Anyway, a thought occurred to me: has anyone ever seen the USCensusProject account actually correctly link a census record to existing people in the tree? One would think that if they were following proper procedure (viz., searching to see if a person exists before creating a brand new person), at least some of the time that search would result in a match, but as far as I can tell, I've never seen that happen (other than as the result of a merged duplicate).
4 -
@JD Cowell They only create new Persons in families, and do not attach Sources to existing families in FT.
0 -
Can you please explain the purpose in only/always creating duplicate profiles that someone else (us!) has to merge/fix?
4 -
Have Community moderators given up on reading these posts? If not, please get a message through to the leader of the CommunityCensus Project to advise that, like the US1910 "version", the work on the 1911 England & Wales census is just creating more work for everyday users of Family Tree.
Take a look at https://www.familysearch.org/tree/person/details/GNN6-27W. Not a perfect example, as the earlier created ID does carry a different middle name, but it only took me a short time to discover this was a duplicate. Worse still, the spouse has been added (as has been reported in so many other similar cases) using the same surname as Samuel. It took me literally less than a minute to find her maiden surname was SMITH!
It's easy to blame the volunteers for creating all this mess, but the project leader should be held accountable for either lack of supervision of the participants, or for the project instructions being totally flawed. Do they really advise to check for duplicates - and not to add wives in their married names?

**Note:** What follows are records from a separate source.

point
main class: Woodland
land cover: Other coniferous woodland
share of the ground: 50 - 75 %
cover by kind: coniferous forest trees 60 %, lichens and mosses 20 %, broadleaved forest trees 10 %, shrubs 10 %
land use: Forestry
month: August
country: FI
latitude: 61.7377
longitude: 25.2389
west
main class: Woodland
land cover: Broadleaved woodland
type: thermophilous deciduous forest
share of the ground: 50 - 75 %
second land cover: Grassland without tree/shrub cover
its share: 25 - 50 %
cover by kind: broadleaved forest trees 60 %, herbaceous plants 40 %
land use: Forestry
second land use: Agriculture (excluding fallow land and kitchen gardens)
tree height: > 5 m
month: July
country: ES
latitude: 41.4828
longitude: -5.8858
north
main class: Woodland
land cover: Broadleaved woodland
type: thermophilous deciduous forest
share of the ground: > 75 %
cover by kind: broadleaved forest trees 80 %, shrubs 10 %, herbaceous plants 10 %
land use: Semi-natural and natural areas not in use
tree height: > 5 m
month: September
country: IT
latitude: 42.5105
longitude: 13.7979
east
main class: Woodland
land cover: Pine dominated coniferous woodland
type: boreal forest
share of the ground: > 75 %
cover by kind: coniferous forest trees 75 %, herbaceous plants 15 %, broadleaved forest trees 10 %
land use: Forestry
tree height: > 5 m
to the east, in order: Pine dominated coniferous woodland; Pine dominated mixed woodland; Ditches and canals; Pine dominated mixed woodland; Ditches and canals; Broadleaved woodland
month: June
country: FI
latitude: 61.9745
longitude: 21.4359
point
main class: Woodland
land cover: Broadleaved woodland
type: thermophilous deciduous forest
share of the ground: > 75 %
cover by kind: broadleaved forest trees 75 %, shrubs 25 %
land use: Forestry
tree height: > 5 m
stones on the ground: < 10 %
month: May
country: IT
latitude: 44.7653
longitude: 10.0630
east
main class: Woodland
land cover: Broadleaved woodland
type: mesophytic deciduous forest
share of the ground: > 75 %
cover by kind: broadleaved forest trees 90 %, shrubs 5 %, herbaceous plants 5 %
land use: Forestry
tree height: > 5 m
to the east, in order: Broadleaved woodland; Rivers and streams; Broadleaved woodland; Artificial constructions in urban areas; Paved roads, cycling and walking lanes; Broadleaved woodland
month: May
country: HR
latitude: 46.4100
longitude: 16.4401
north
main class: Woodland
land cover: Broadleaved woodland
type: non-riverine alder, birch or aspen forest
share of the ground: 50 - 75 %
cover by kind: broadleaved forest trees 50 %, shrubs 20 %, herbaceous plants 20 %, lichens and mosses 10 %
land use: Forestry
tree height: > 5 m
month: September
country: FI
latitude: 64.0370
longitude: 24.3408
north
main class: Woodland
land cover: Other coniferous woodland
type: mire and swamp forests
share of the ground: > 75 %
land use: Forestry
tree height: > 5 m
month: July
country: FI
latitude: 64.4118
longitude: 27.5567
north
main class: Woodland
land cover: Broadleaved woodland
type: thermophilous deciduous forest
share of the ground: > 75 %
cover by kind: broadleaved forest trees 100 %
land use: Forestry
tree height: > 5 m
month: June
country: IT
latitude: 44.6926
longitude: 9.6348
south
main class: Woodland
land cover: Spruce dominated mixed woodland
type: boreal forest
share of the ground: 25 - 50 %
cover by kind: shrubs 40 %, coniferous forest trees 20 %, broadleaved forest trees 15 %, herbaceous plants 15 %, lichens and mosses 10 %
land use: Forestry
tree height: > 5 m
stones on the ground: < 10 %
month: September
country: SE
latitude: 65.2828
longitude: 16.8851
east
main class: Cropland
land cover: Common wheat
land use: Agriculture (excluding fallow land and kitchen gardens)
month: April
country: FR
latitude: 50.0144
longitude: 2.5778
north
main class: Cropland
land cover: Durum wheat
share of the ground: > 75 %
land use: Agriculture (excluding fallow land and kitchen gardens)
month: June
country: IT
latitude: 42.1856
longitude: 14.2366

Oh, and non-standardized placenames are being ignored - just copied as they appear in the census index.
3 -
Paul, Most adds I've seen have had the places standardized - that is the expectation. Maybe this one place in the census data was not able to resolve to a standardized place. Yes, and since its a Census Source it takes work to go find the maiden name and hopefully these get backfilled quickly. I don't have any involvement, other than collecting user feedback, so examples are great.
0 -
Example:
GNX6-BSG created from Eleanor Cole in household of John Cole, "England and Wales Census, 1911"
As the wife of John Cole, "Cole" is clearly her married name. That does not rule out the possibility that it was also her maiden name, but the chances are slim. I have deleted the surname from the profile.
Birthplace entered (presumably copied) as "London Lambeth, London" and the resulting red "Non-standardized Place" warning ignored. The same is true of all the other family members, although the birthplaces are different: Carmathen, Carmarthenshire; Pembroke Haverfordwest, Pembrokeshire (x2); and Morriston, Glamorganshire. In each case the correct standardised option is the first one on the list, So it's not one place in the census date that doesn't resolve to a standardised place. It's sloppy work, poor instructions or lack of supervision. Or more likely a combination of all three.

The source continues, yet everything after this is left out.